*** GIVEN DATA ***

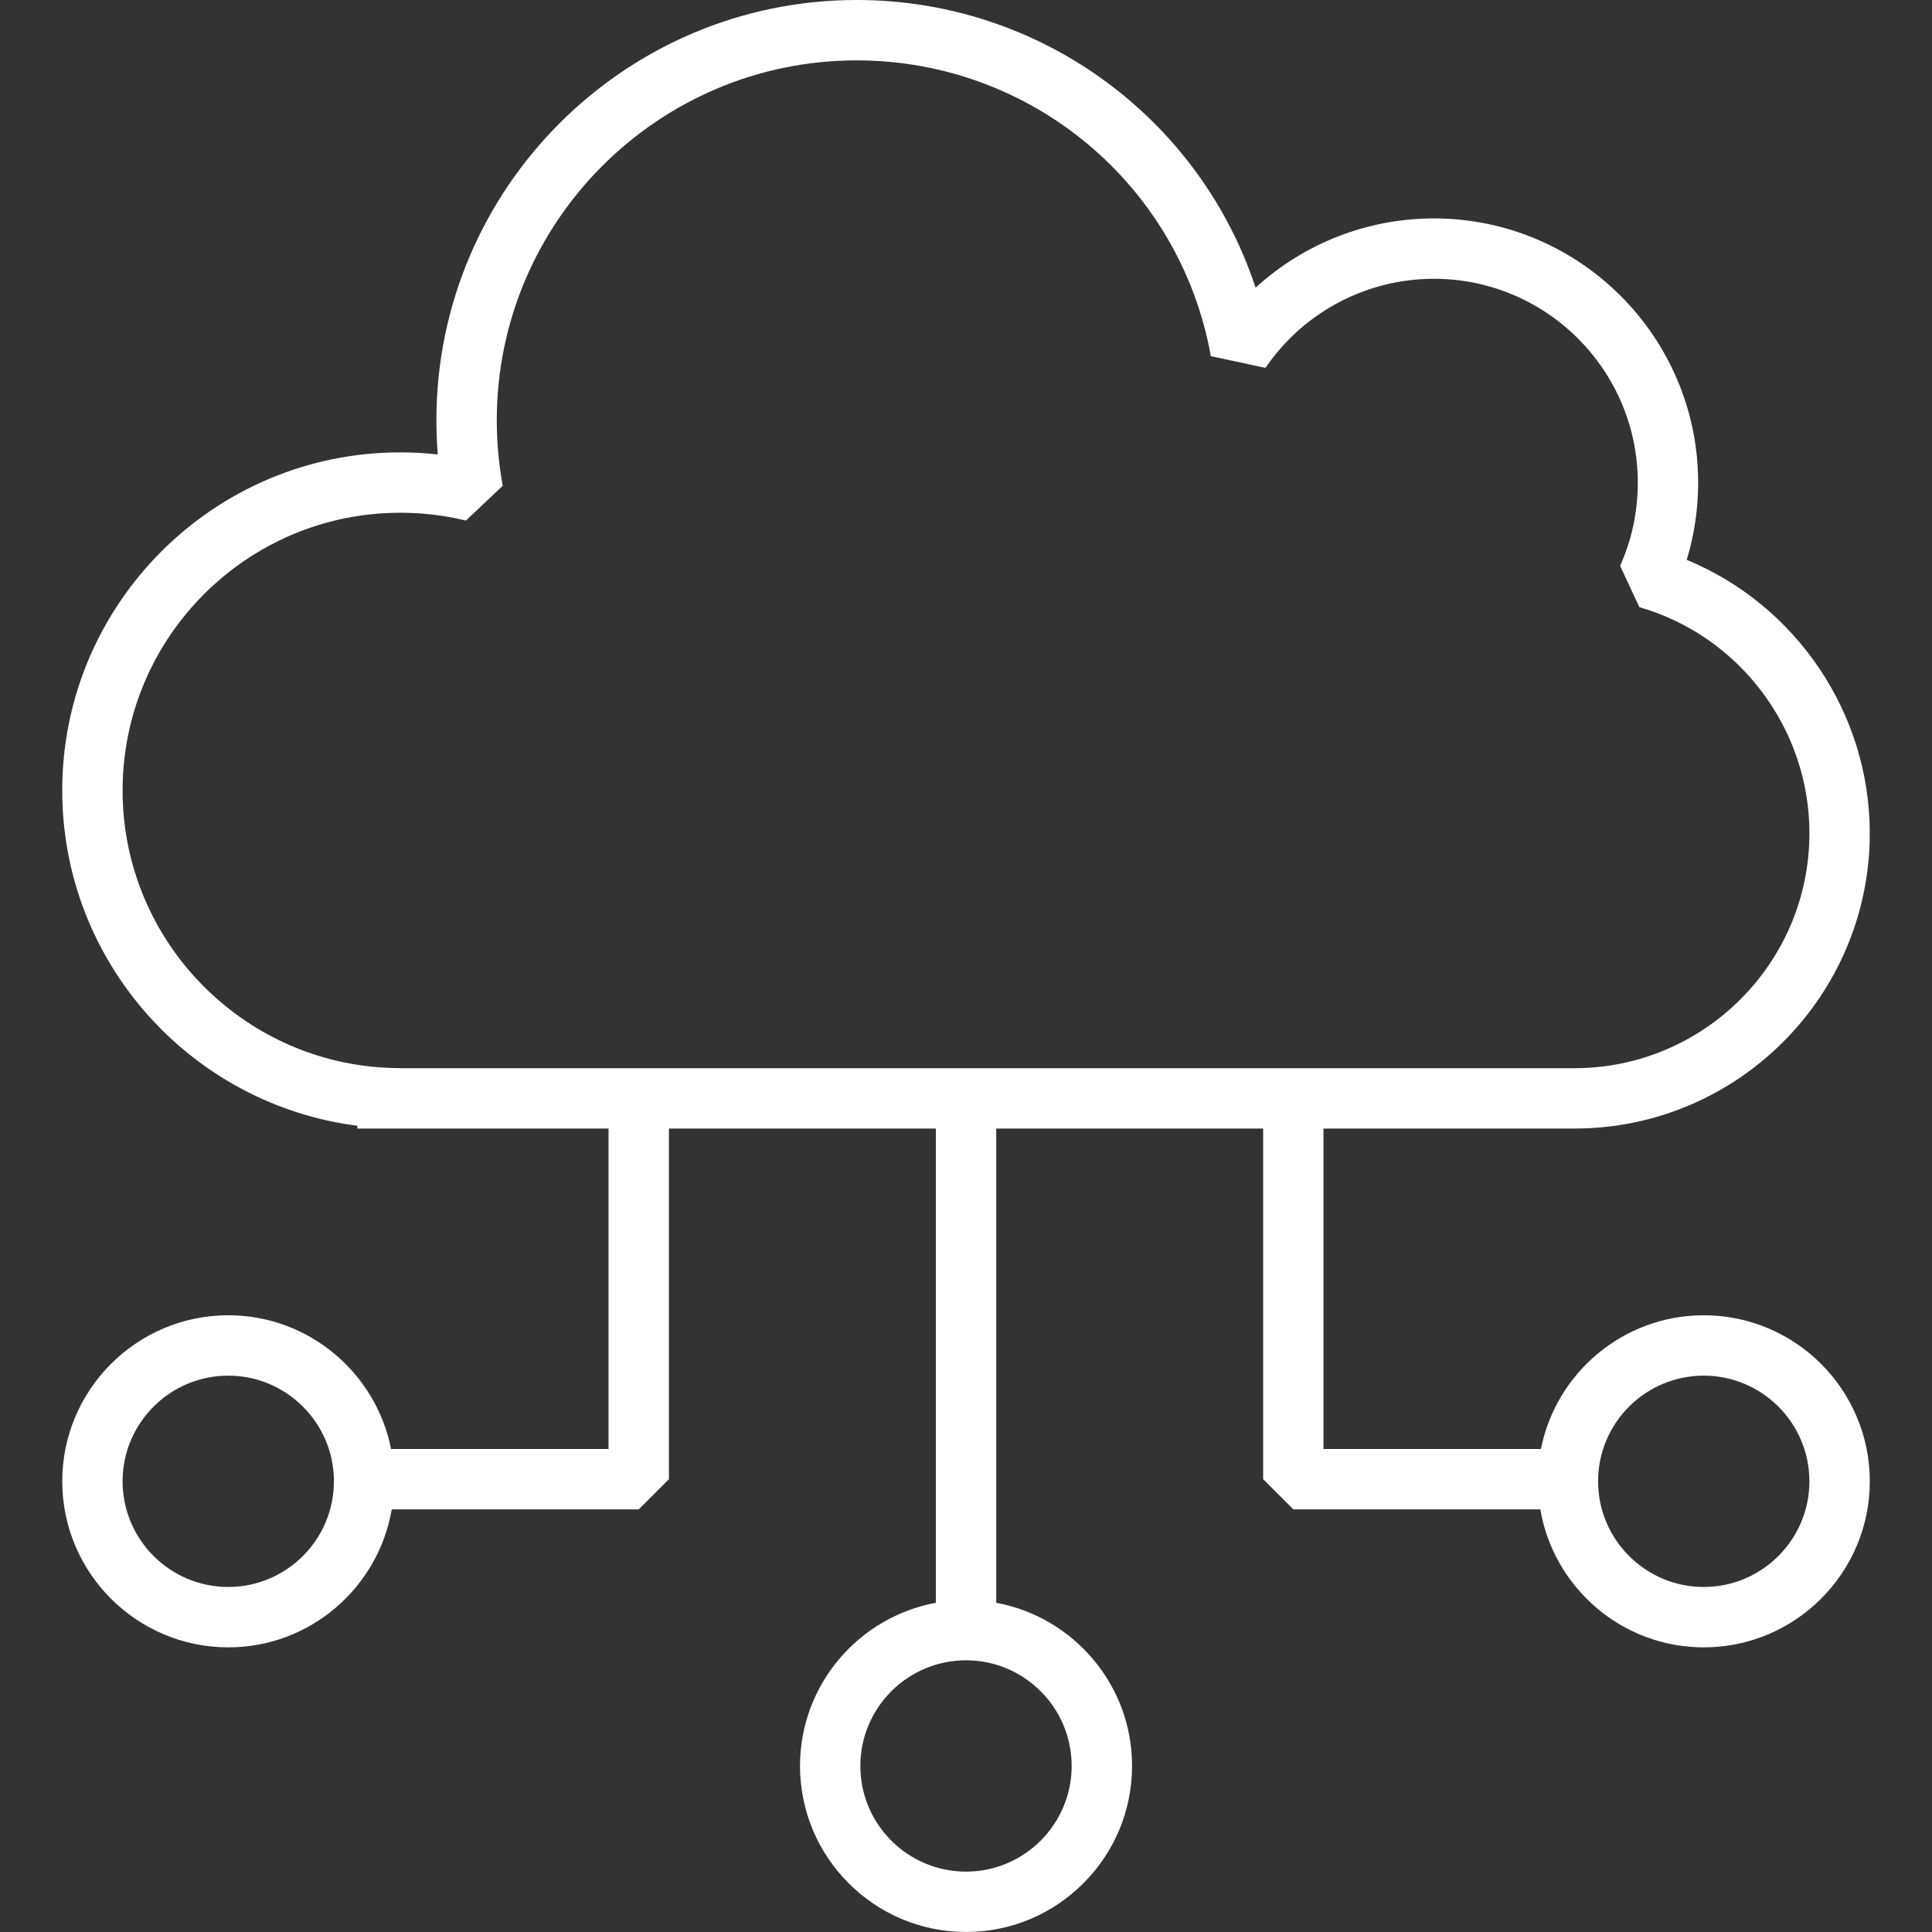 <?xml version="1.0" encoding="UTF-8"?>
<svg id="Icons" xmlns="http://www.w3.org/2000/svg" version="1.1" viewBox="0 0 96 96">
  <rect x="0" y="0" width="96" height="96" fill="#333333" stroke="none"/>
  <!-- Generator: Adobe Illustrator 29.7.1, SVG Export Plug-In . SVG Version: 2.1.1 Build 8)  -->
  <defs>
    <style>
      .st0 {
        fill: #fff;
      }
    </style>
  </defs>
  <path class="st0" d="M84.658,65.355c-3.999,0-7.341,2.862-8.09,6.645h-10.805v-15.923h12.466c8.094,0,14.679-6.585,14.679-14.68,0-5.97-3.669-11.342-9.097-13.579.378-1.236.569-2.521.569-3.836,0-7.239-5.89-13.129-13.129-13.129-3.316,0-6.466,1.251-8.861,3.441C59.604,5.86,51.685,0,42.566,0,31.052,0,21.684,9.367,21.684,20.882c0,.567.023,1.135.068,1.699-.617-.068-1.239-.103-1.863-.103-9.262,0-16.797,7.535-16.797,16.798,0,8.54,6.406,15.611,14.666,16.662v.139h12.48v15.923h-10.805c-.75-3.782-4.091-6.645-8.09-6.645-4.549,0-8.25,3.701-8.25,8.25s3.701,8.251,8.25,8.251c4.073,0,7.457-2.97,8.123-6.856h12.273l1.5-1.5v-17.423h13.263v23.565c-3.834.708-6.75,4.071-6.75,8.106,0,4.55,3.701,8.251,8.25,8.251s8.25-3.701,8.25-8.251c0-4.036-2.916-7.398-6.75-8.106v-23.565h13.263v17.423l1.5,1.5h12.272c.666,3.887,4.05,6.856,8.123,6.856,4.549,0,8.25-3.701,8.25-8.251s-3.701-8.25-8.25-8.25ZM11.342,78.856c-2.895,0-5.25-2.355-5.25-5.251s2.355-5.25,5.25-5.25,5.25,2.355,5.25,5.25-2.355,5.251-5.25,5.251ZM53.25,87.749c0,2.896-2.355,5.251-5.25,5.251s-5.25-2.355-5.25-5.251,2.355-5.25,5.25-5.25,5.25,2.355,5.25,5.25ZM6.092,39.276c0-7.608,6.189-13.798,13.797-13.798,1.105,0,2.203.13,3.263.388l1.829-1.73c-.197-1.063-.296-2.158-.296-3.254,0-9.86,8.022-17.882,17.882-17.882,8.668,0,16.07,6.182,17.599,14.697l2.715.581c1.892-2.771,5.021-4.425,8.371-4.425,5.585,0,10.129,4.544,10.129,10.129,0,1.44-.295,2.831-.878,4.134l.956,2.054c4.976,1.428,8.451,6.045,8.451,11.228,0,6.44-5.239,11.68-11.679,11.68H19.889v-.004c-7.608,0-13.797-6.189-13.797-13.797ZM84.658,78.856c-2.895,0-5.25-2.355-5.25-5.251s2.355-5.25,5.25-5.25,5.25,2.355,5.25,5.25-2.355,5.251-5.25,5.251Z"/>
</svg>

*** End of GIVEN DATA ***

**WHAT IS NEEDED**: What you return must be every entry, word for word, without any pictures.

**RESPONSE**:
 <?xml version="1.0" encoding="UTF-8"?>
<svg id="Icons" xmlns="http://www.w3.org/2000/svg" version="1.1" viewBox="0 0 96 96">
  <rect x="0" y="0" width="96" height="96" fill="#333333" stroke="none"/>
  <!-- Generator: Adobe Illustrator 29.7.1, SVG Export Plug-In . SVG Version: 2.1.1 Build 8)  -->
  <defs>
    <style>
      .st0 {
        fill: #fff;
      }
    </style>
  </defs>
  <path class="st0" d="M84.658,65.355c-3.999,0-7.341,2.862-8.09,6.645h-10.805v-15.923h12.466c8.094,0,14.679-6.585,14.679-14.68,0-5.97-3.669-11.342-9.097-13.579.378-1.236.569-2.521.569-3.836,0-7.239-5.89-13.129-13.129-13.129-3.316,0-6.466,1.251-8.861,3.441C59.604,5.86,51.685,0,42.566,0,31.052,0,21.684,9.367,21.684,20.882c0,.567.023,1.135.068,1.699-.617-.068-1.239-.103-1.863-.103-9.262,0-16.797,7.535-16.797,16.798,0,8.54,6.406,15.611,14.666,16.662v.139h12.48v15.923h-10.805c-.75-3.782-4.091-6.645-8.09-6.645-4.549,0-8.25,3.701-8.25,8.25s3.701,8.251,8.25,8.251c4.073,0,7.457-2.97,8.123-6.856h12.273l1.5-1.5v-17.423h13.263v23.565c-3.834.708-6.75,4.071-6.75,8.106,0,4.55,3.701,8.251,8.25,8.251s8.25-3.701,8.25-8.251c0-4.036-2.916-7.398-6.75-8.106v-23.565h13.263v17.423l1.5,1.5h12.272c.666,3.887,4.05,6.856,8.123,6.856,4.549,0,8.25-3.701,8.25-8.251s-3.701-8.25-8.25-8.25ZM11.342,78.856c-2.895,0-5.25-2.355-5.25-5.251s2.355-5.25,5.25-5.25,5.25,2.355,5.25,5.25-2.355,5.251-5.25,5.251ZM53.25,87.749c0,2.896-2.355,5.251-5.25,5.251s-5.25-2.355-5.25-5.251,2.355-5.25,5.25-5.25,5.25,2.355,5.25,5.25ZM6.092,39.276c0-7.608,6.189-13.798,13.797-13.798,1.105,0,2.203.13,3.263.388l1.829-1.73c-.197-1.063-.296-2.158-.296-3.254,0-9.86,8.022-17.882,17.882-17.882,8.668,0,16.07,6.182,17.599,14.697l2.715.581c1.892-2.771,5.021-4.425,8.371-4.425,5.585,0,10.129,4.544,10.129,10.129,0,1.44-.295,2.831-.878,4.134l.956,2.054c4.976,1.428,8.451,6.045,8.451,11.228,0,6.44-5.239,11.68-11.679,11.68H19.889v-.004c-7.608,0-13.797-6.189-13.797-13.797ZM84.658,78.856c-2.895,0-5.25-2.355-5.25-5.251s2.355-5.25,5.25-5.25,5.25,2.355,5.25,5.25-2.355,5.251-5.25,5.251Z"/>
</svg>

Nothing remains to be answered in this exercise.